Implementation of environmental, social and governance criteria is also paramount for LPs and has been for a while, but the pandemic has further highlighted the necessity of ESG incentives. "European GPs have understood the relevance of ESG in due diligence and reporting in particular. They take this topic very seriously, while many US-based GPs are still somewhat behind the curve. In order to raise capital from European LPs, some might have to up their game [in this area]," adds Das.

"But now with Biden rejoining the Paris Climate agreement, it [the U.S. market] is going in the same direction," notes Campbell Luytens' Liaudet.

Growth opportunity

Despite such uncertainties, there are still a lot of opportunities for growth. There is also room for growth for LPs in Europe, as they have invested a lot in the U.K. and France and can now "hunt" in Germany, Italy or Spain, a market source suggests.

Ultimately, the yield curve in the bond market is very flat and will continue to be so for the foreseeable future, while the interest rate for banks is negative, notes Campbell Luytens' Liaudet. Indeed, the pressure on banks continues, and private debt has delivered consistent premium returns over liquid debt. "Yield is king for investors, and the best way to find return is to invest in private credit," he says.

"Of course, at the beginning of the pandemic everybody was worried but then all the government aid arrived, and you saw that portfolio companies were protected and then it was business as usual," Liaudet explains.

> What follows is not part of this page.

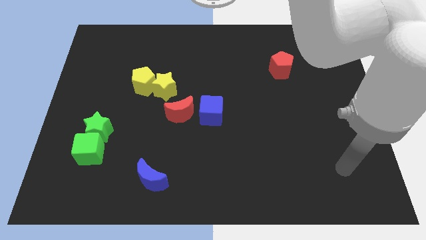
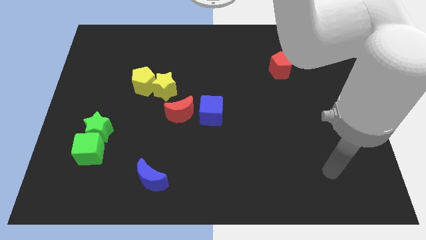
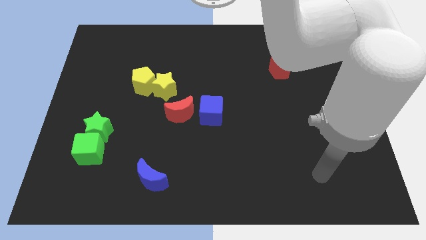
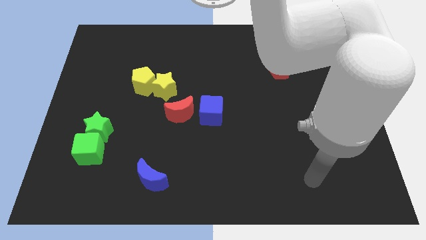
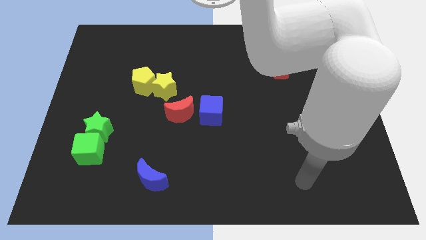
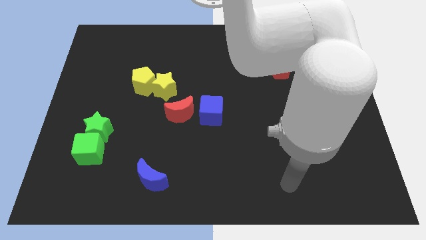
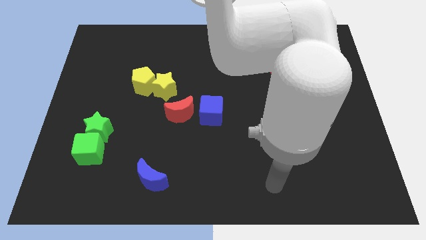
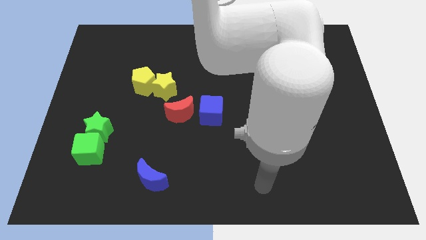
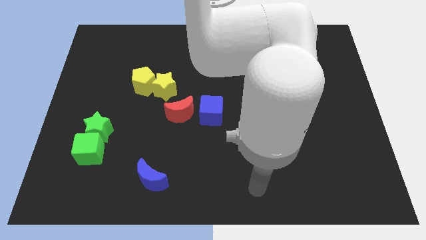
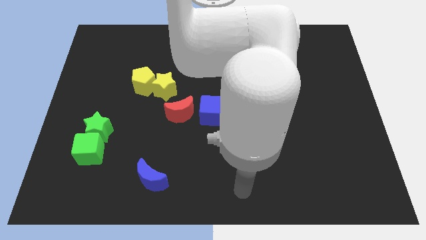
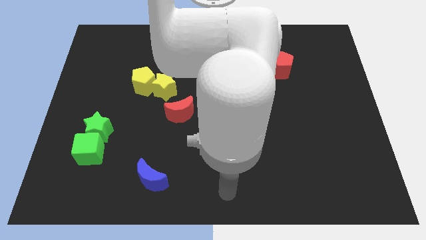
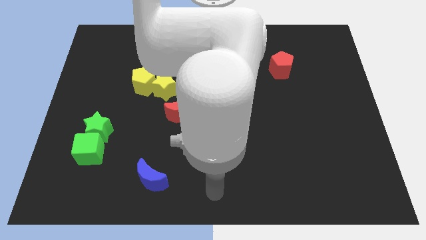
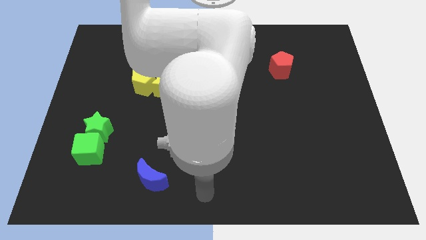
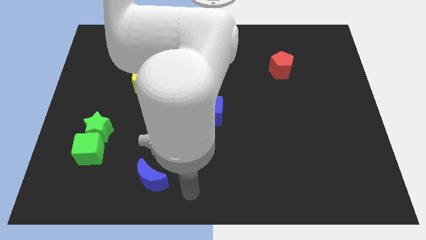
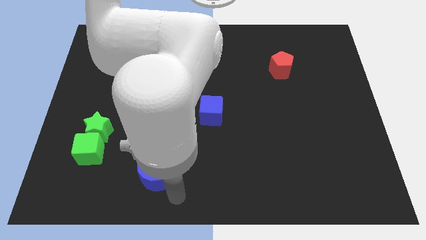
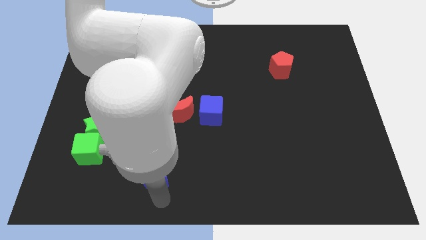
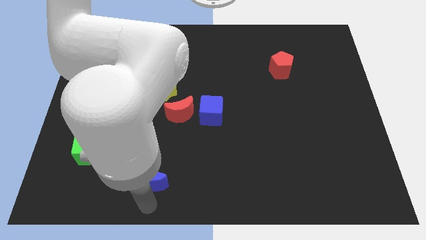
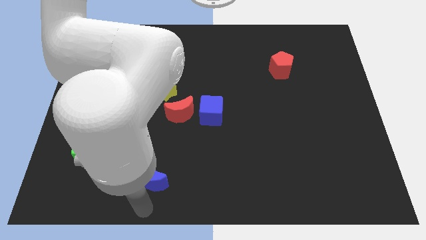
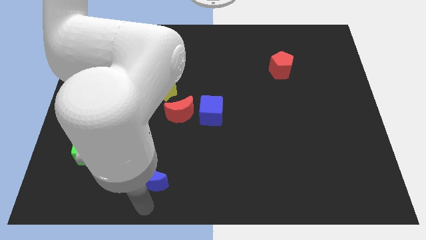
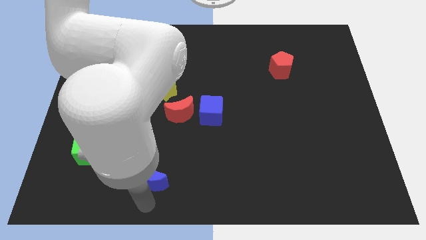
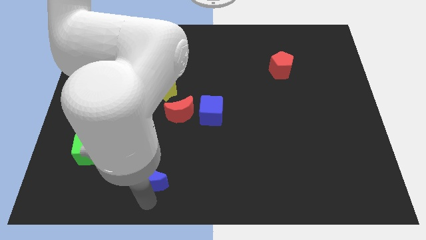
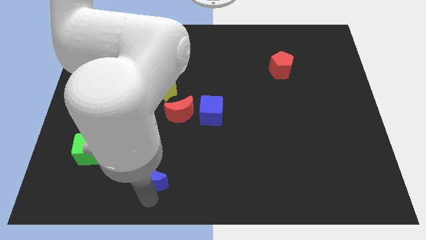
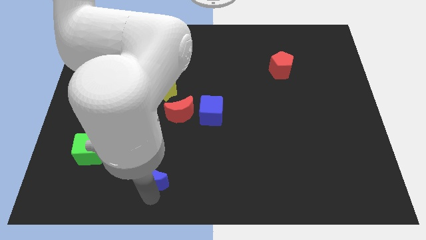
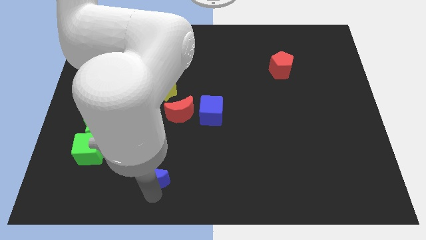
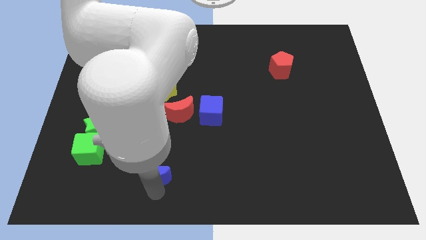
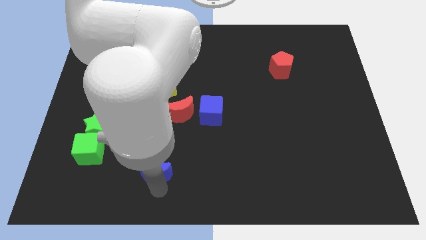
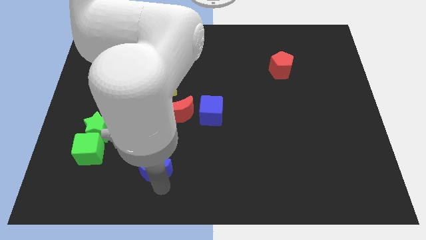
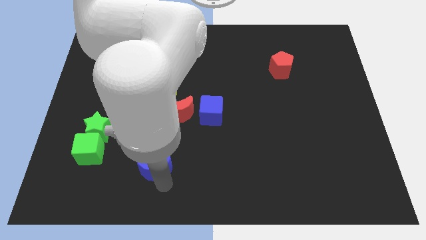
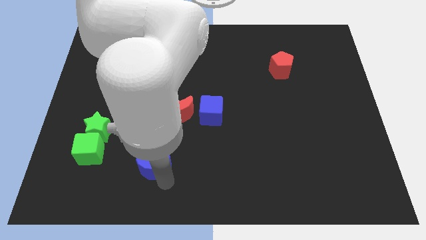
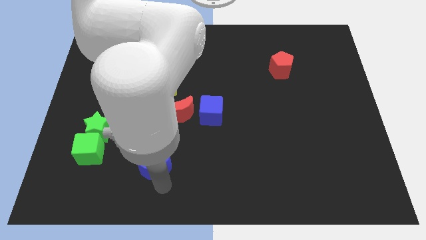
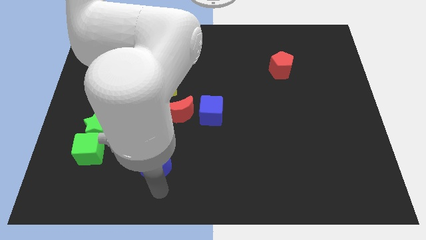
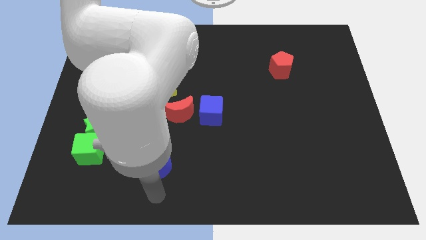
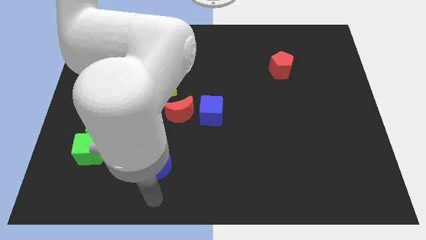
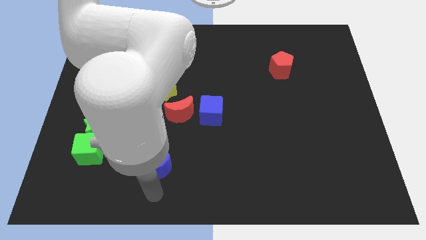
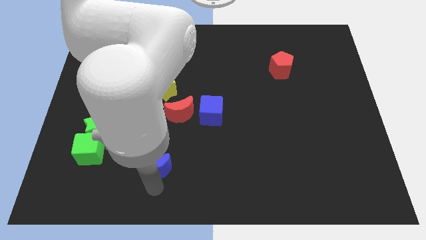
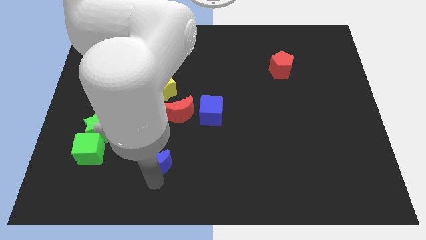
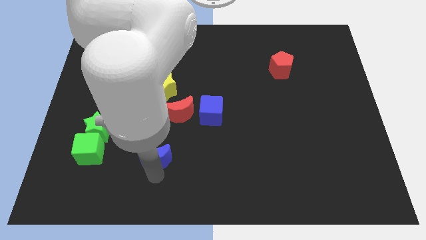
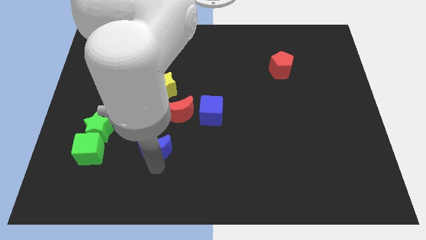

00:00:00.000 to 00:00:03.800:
move the blue moon up a little

"In March 2020, 20% of investments were on hold, and 22% in April. In April only 34% of the investments were made but by July/August only 4% of the investments were on hold," Liaudet says.

Flexibility

According to the Deloitte Alternative Lender Deal Tracker Q3 2020: "Demand for private debt remains strong, as companies around the world refinance legacy debt, often extending maturities at significant discounts. Firms with a solid underlying business may be experiencing short-term COVID–19 induced cash flow issues and the private debt market is well placed to step-in and alleviate these pressures, often using varying structures depending upon the nature of the business."

Fundraising news

Looking at recent fundraisings, Kennedy Lewis Investment Management has closed a credit fund with $2.1 billion of capital commitments, exceeding a $1 billion target. More than 50% of the capital has been committed or invested. Kennedy Lewis Capital Partners Master Fund II LP will continue the strategy of a previous fund that closed in November 2018 with commitments of above $500 million. That fund invested in event-driven and opportunistic credit, both performing and distressed, to middle-market North American and European companies.

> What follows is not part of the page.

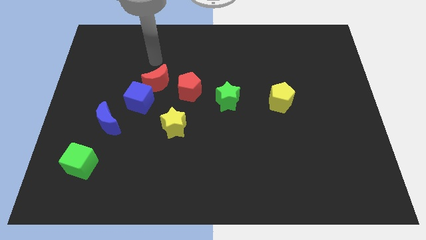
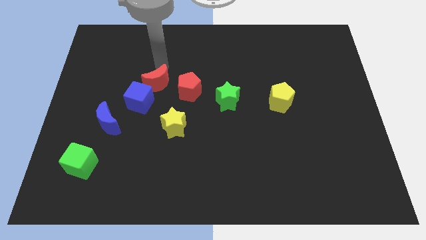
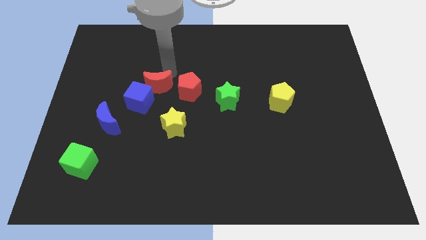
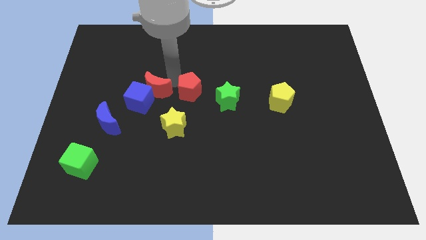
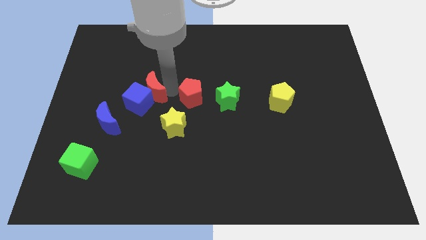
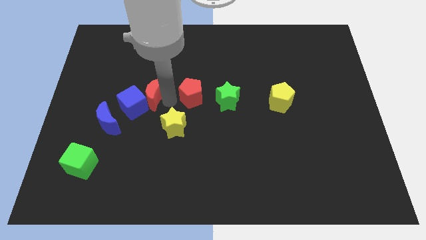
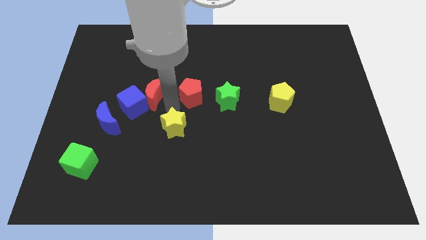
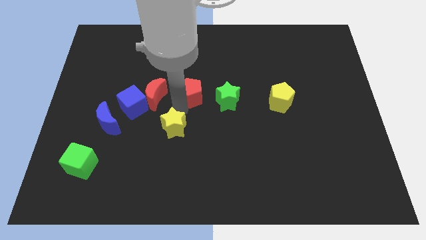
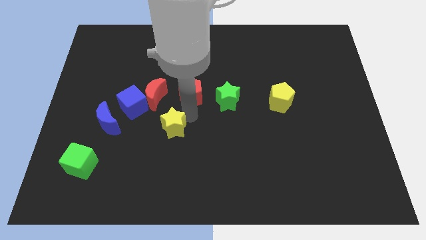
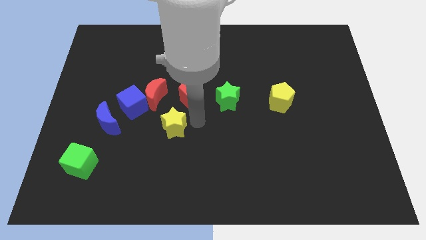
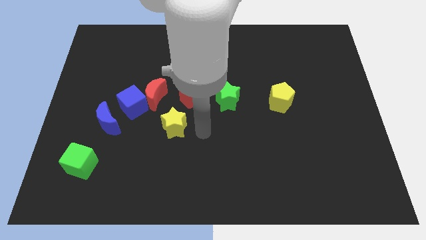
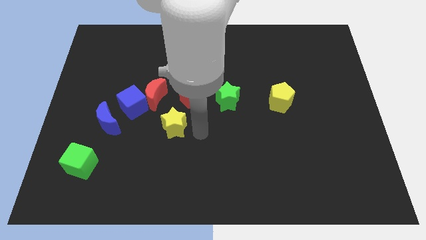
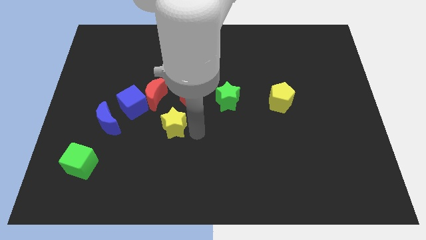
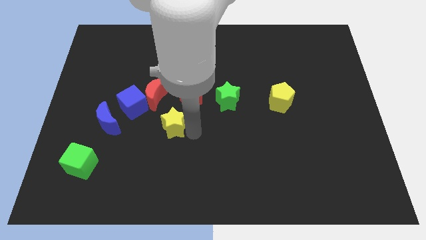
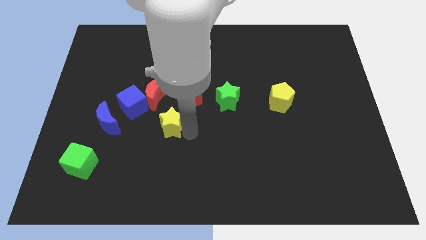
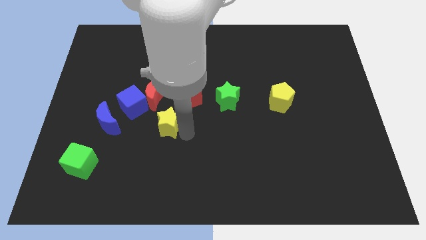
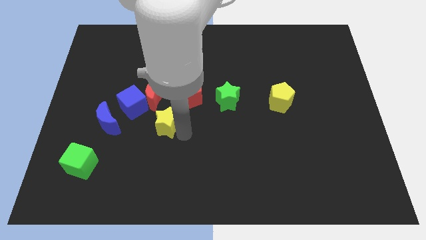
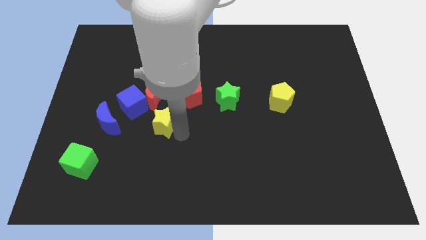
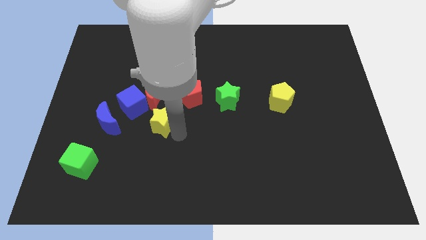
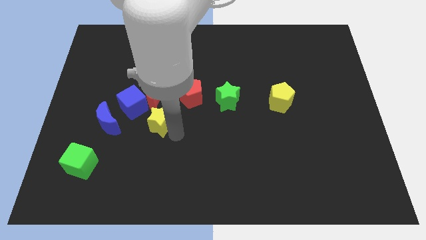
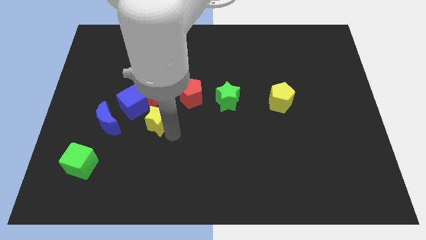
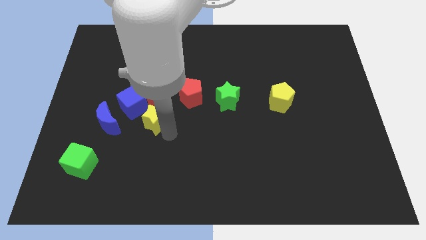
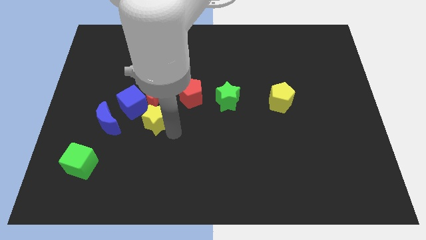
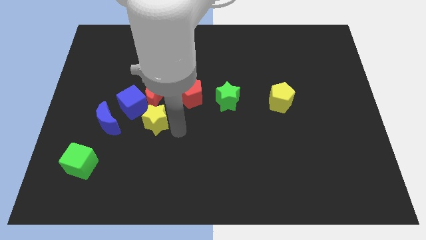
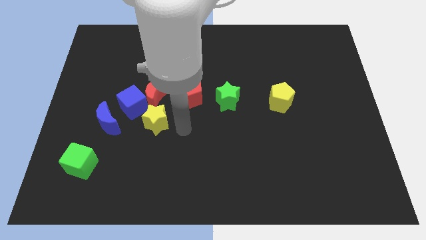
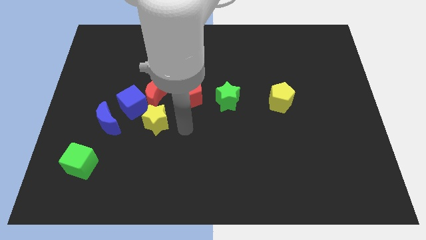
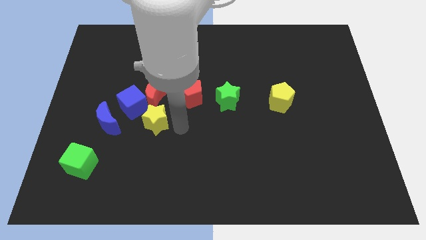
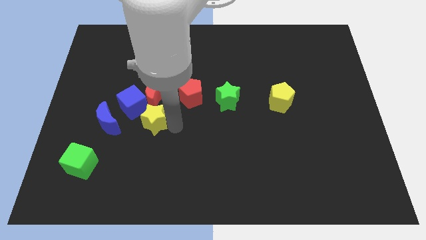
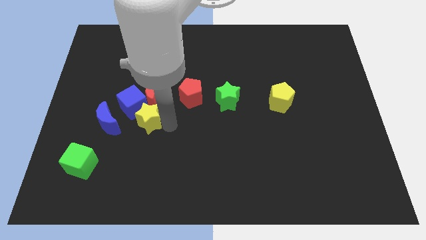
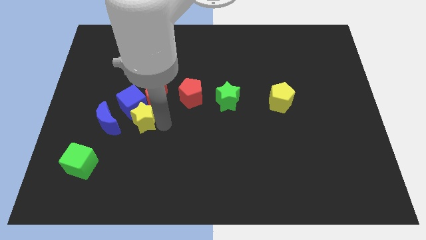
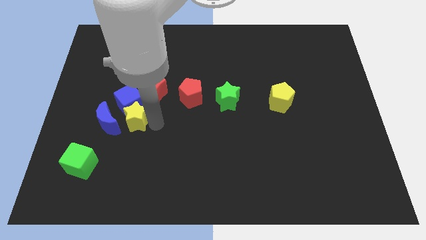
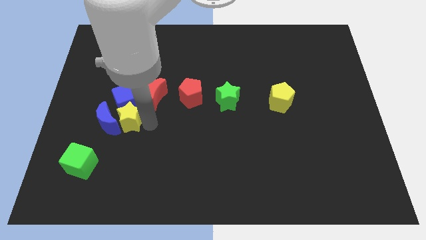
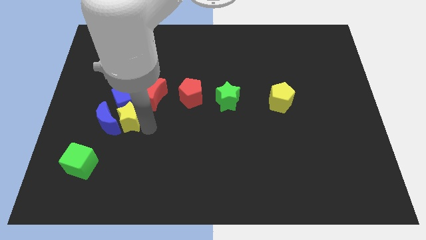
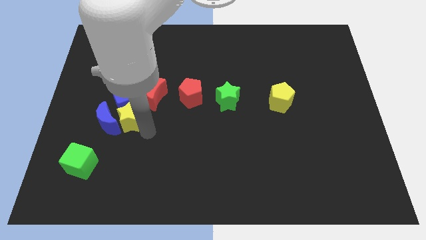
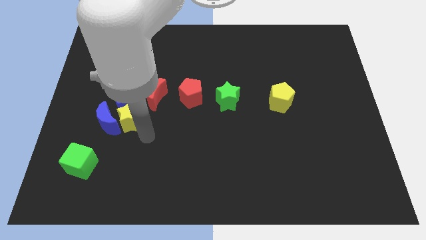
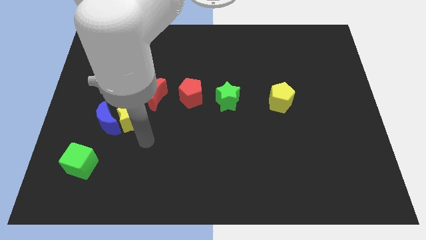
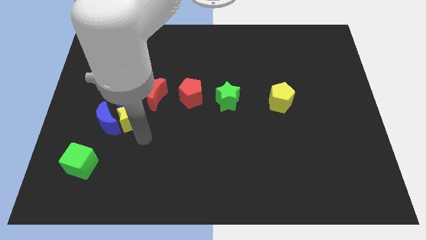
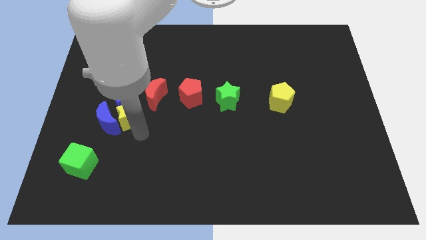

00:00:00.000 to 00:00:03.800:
move the yellow star a little diagonally upwards and to the left

Ares Management has collected $11 billion (roughly €9.3 billion) for its European middle-market lending fund, according to a recent regulatory filing. The fund is on its way to a €13.5 billion total by the end of the first half, which would make it the biggest European direct lending fund in history.

Pemberton Capital announced on Jan. 11 that it had raised more than $2.2 billion at the end of last year for the first close on its third European mid-market fund in Europe. The firm is targeting a total of roughly $4.5 billion-$5 billion for this fund, a source said. Pemberton invests mainly in mid-sized private equity sponsored business in Europe and has roughly $10 billion under management.

Then there is Sixth Street, which earlier this month announced the final closing of its second fund dedicated to direct lending for middle market and growth companies across Europe. Sixth Street Specialty Lending Europe II reached its hard cap with €1 billion in equity commitments.

Anima Alternative Sgr, an Italian asset management company focused on the private investments market and entirely owned by Anima Holding, said on Jan. 8 that it has obtained underwriting commitments and approvals from professional investors for a total of roughly €117 million. The fund will start its operations in January.